WHAT IS REQUIRED
Nothing but the records themselves, exactly as written, should appear in the reply; leave out the pictures.

Items from a data source
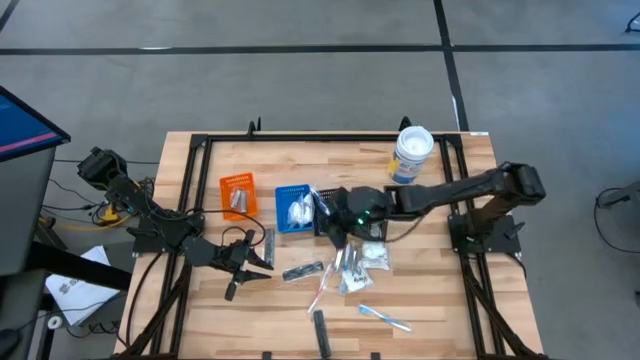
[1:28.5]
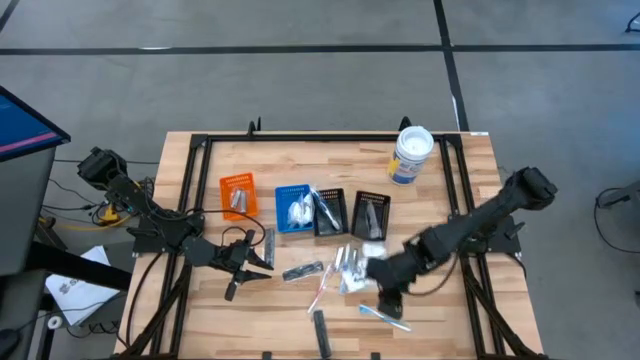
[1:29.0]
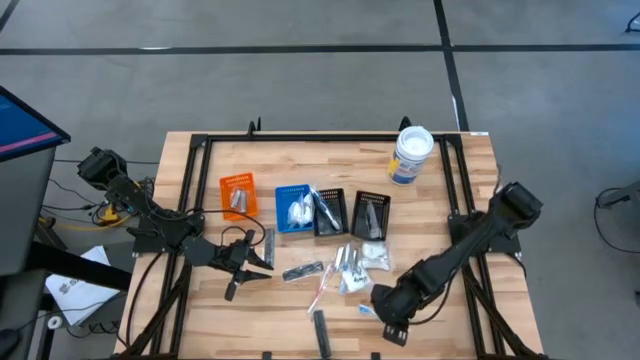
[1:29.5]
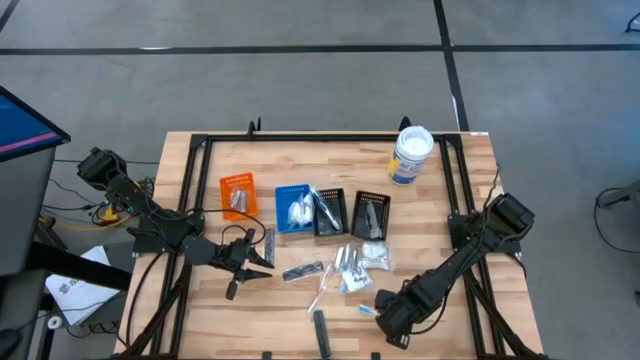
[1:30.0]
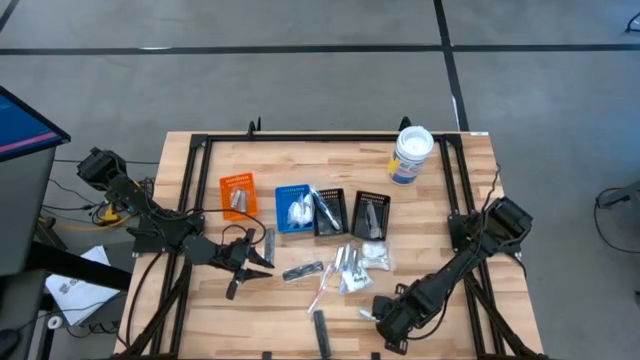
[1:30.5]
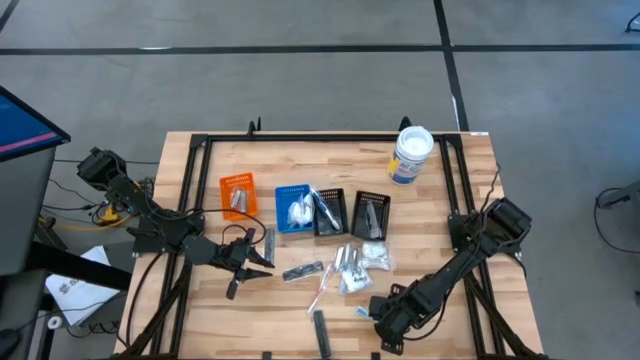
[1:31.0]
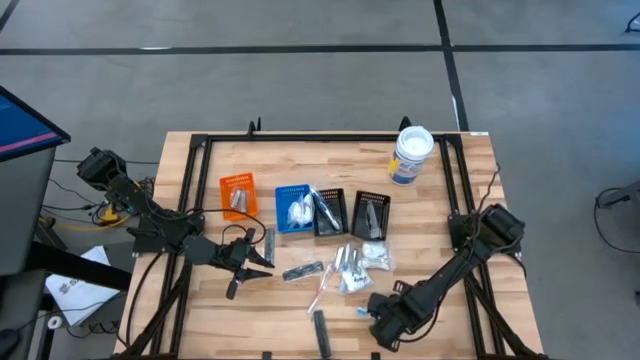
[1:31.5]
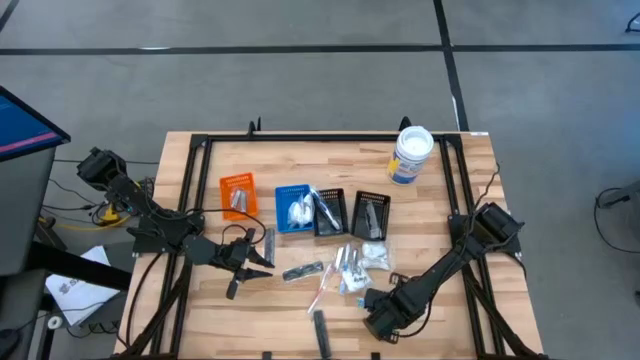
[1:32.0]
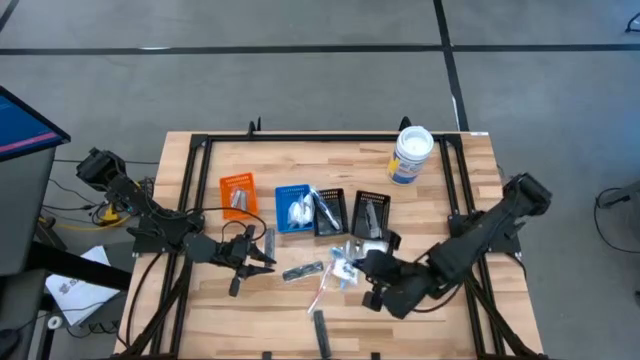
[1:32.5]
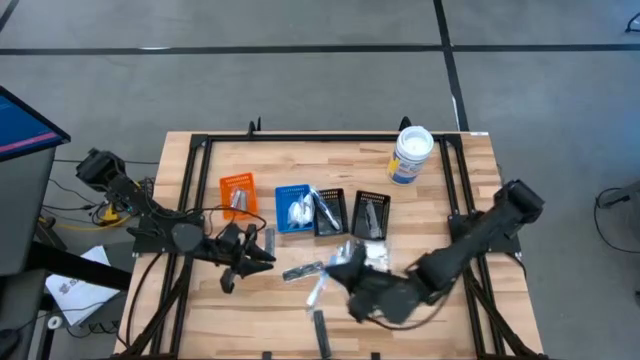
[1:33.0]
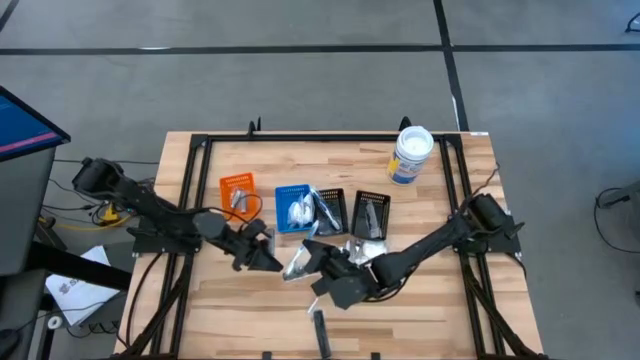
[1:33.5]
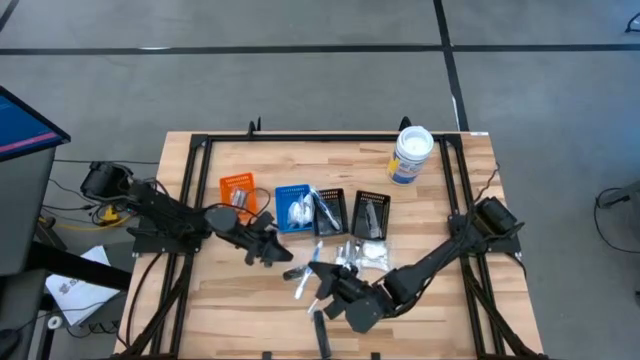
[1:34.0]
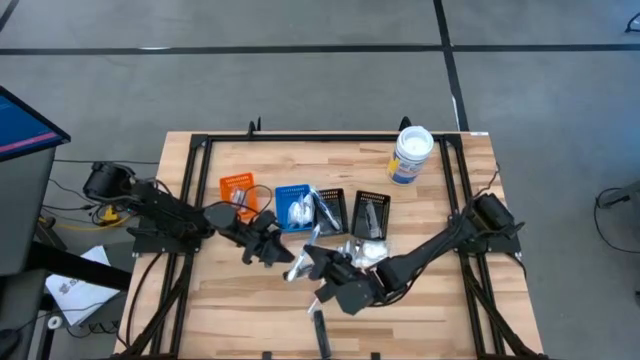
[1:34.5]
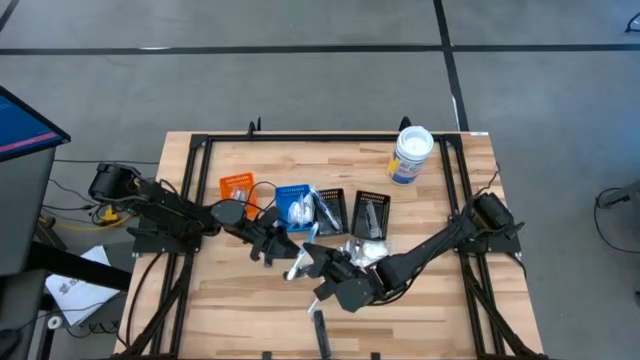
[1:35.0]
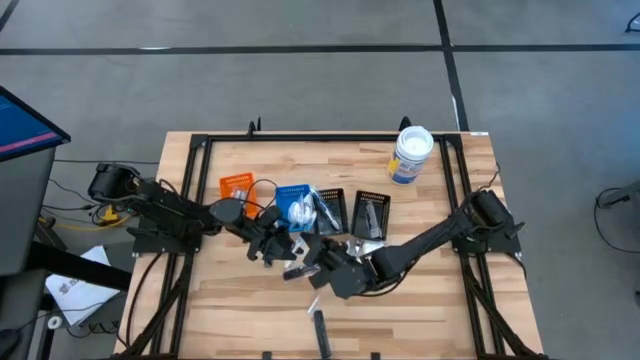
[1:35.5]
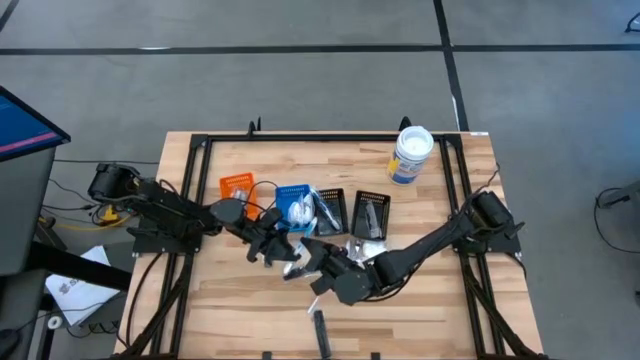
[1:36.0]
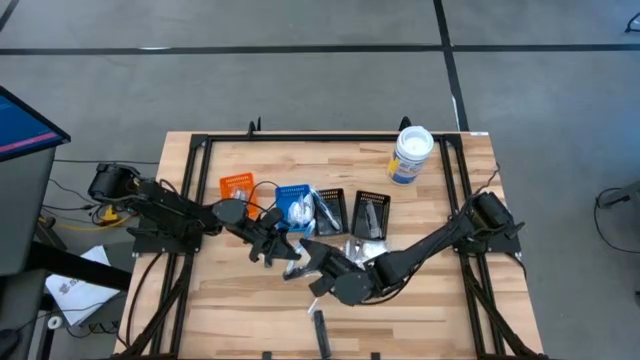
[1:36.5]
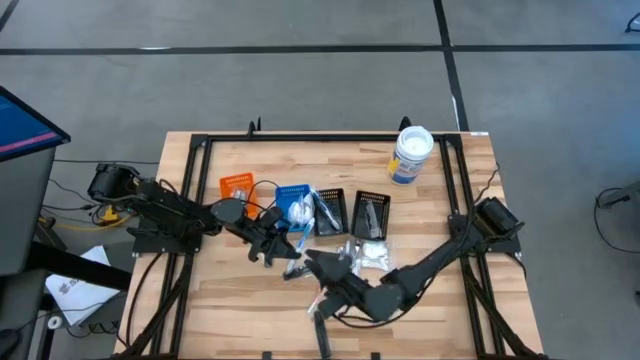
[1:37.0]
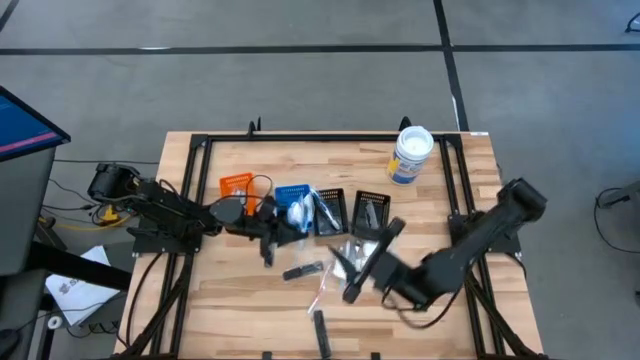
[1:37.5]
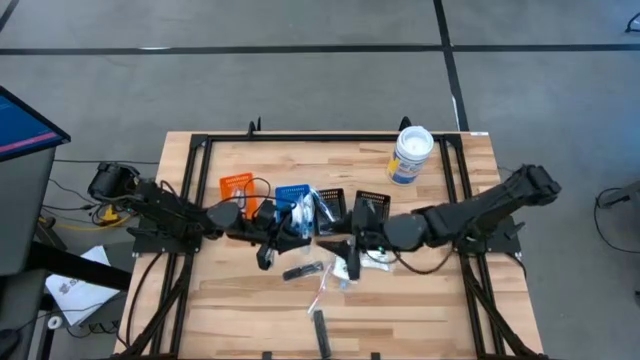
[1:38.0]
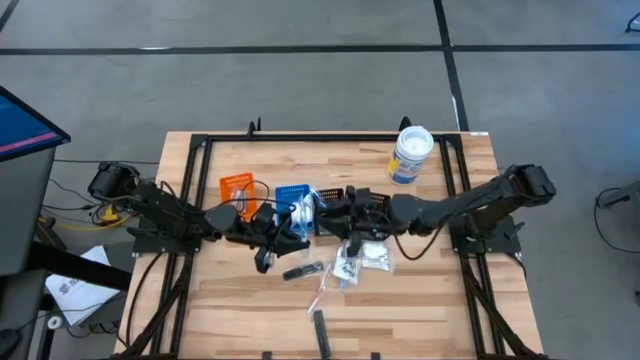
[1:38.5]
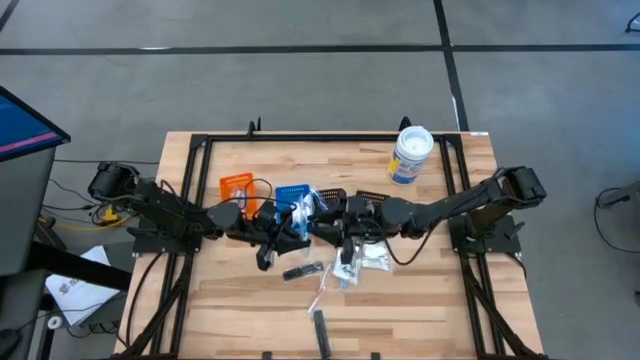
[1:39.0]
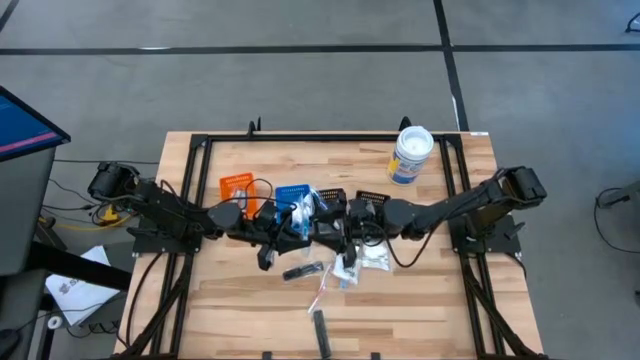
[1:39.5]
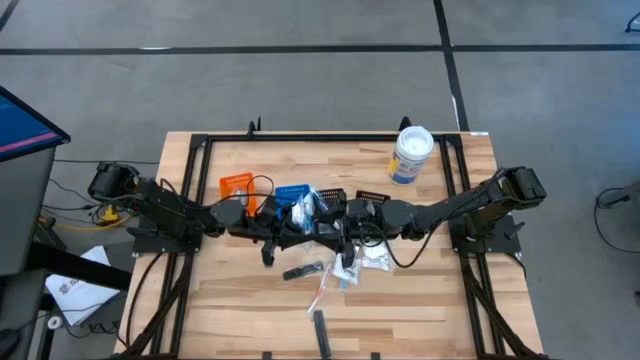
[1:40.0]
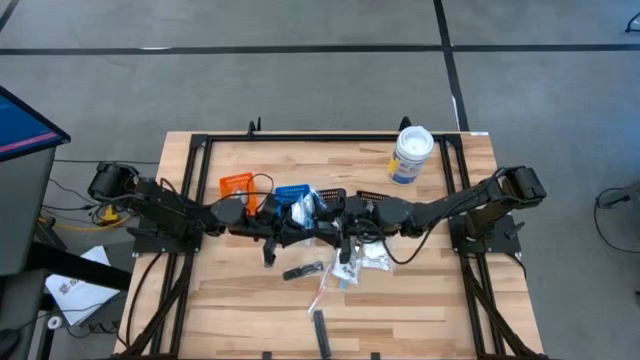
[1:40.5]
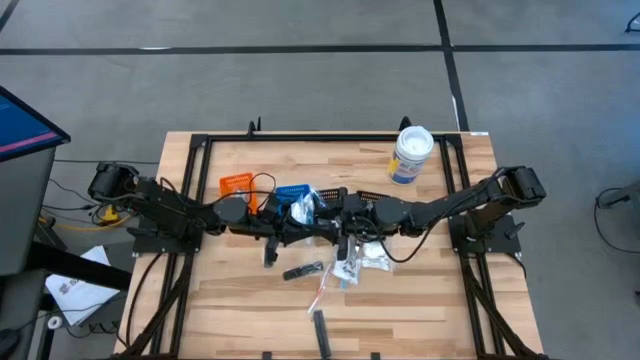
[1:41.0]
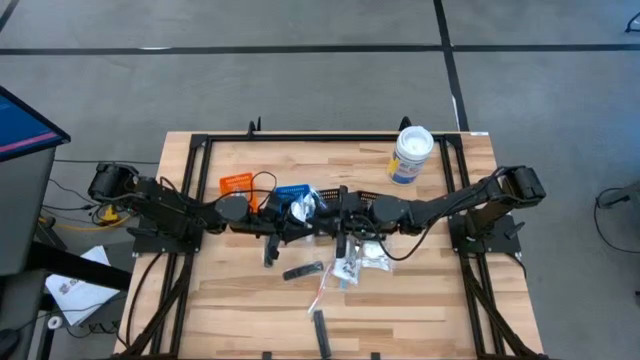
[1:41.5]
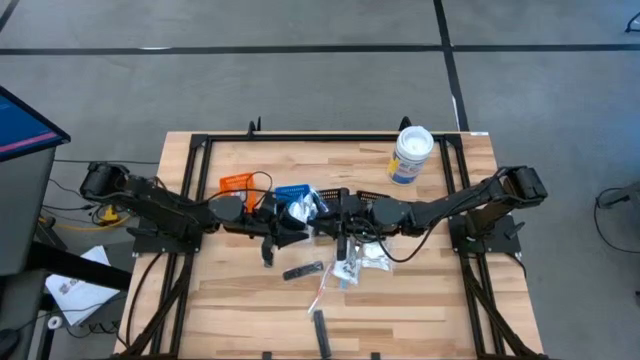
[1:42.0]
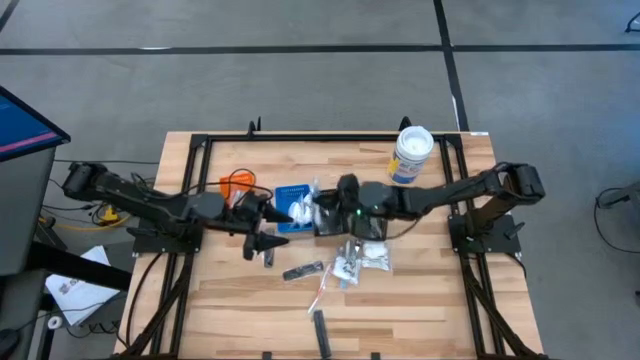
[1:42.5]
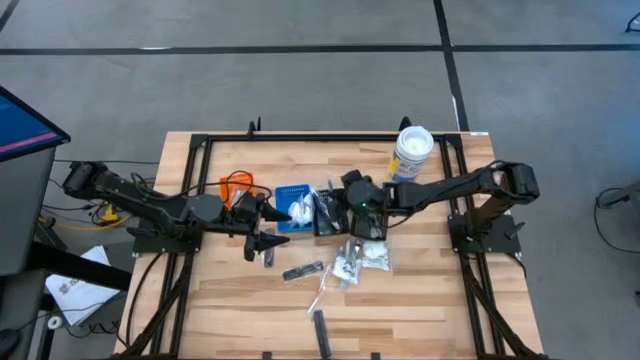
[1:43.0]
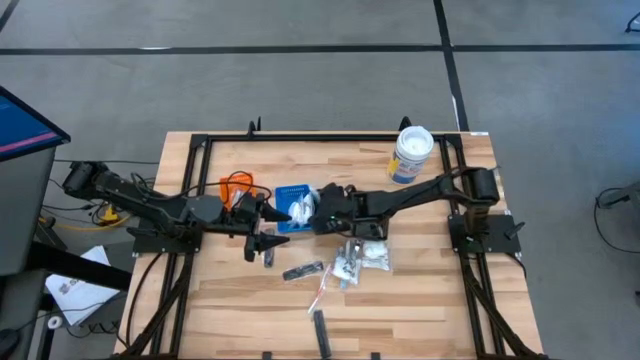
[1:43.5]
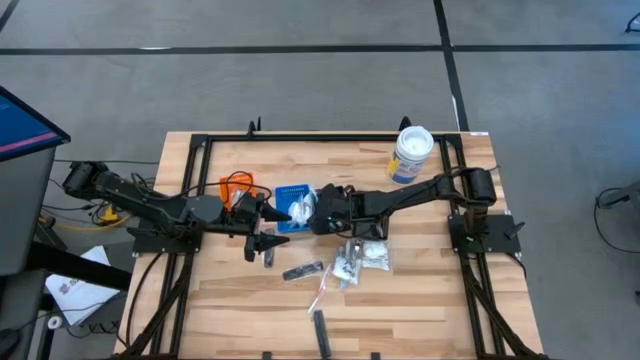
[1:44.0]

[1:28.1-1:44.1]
Task: Pick & Place Travel size toiletries
Put the blue toothbrush into the left black bin

EXERCISE ANSWER
[1:28.5]
[1:29.0]
[1:29.5]
[1:30.0]
[1:30.5]
[1:31.0]
[1:31.5]
[1:32.0]
[1:32.5]
[1:33.0]
[1:33.5]
[1:34.0]
[1:34.5]
[1:35.0]
[1:35.5]
[1:36.0]
[1:36.5]
[1:37.0]
[1:37.5]
[1:38.0]
[1:38.5]
[1:39.0]
[1:39.5]
[1:40.0]
[1:40.5]
[1:41.0]
[1:41.5]
[1:42.0]
[1:42.5]
[1:43.0]
[1:43.5]
[1:44.0]

[1:28.1-1:44.1]
Task: Pick & Place Travel size toiletries
Put the blue toothbrush into the left black bin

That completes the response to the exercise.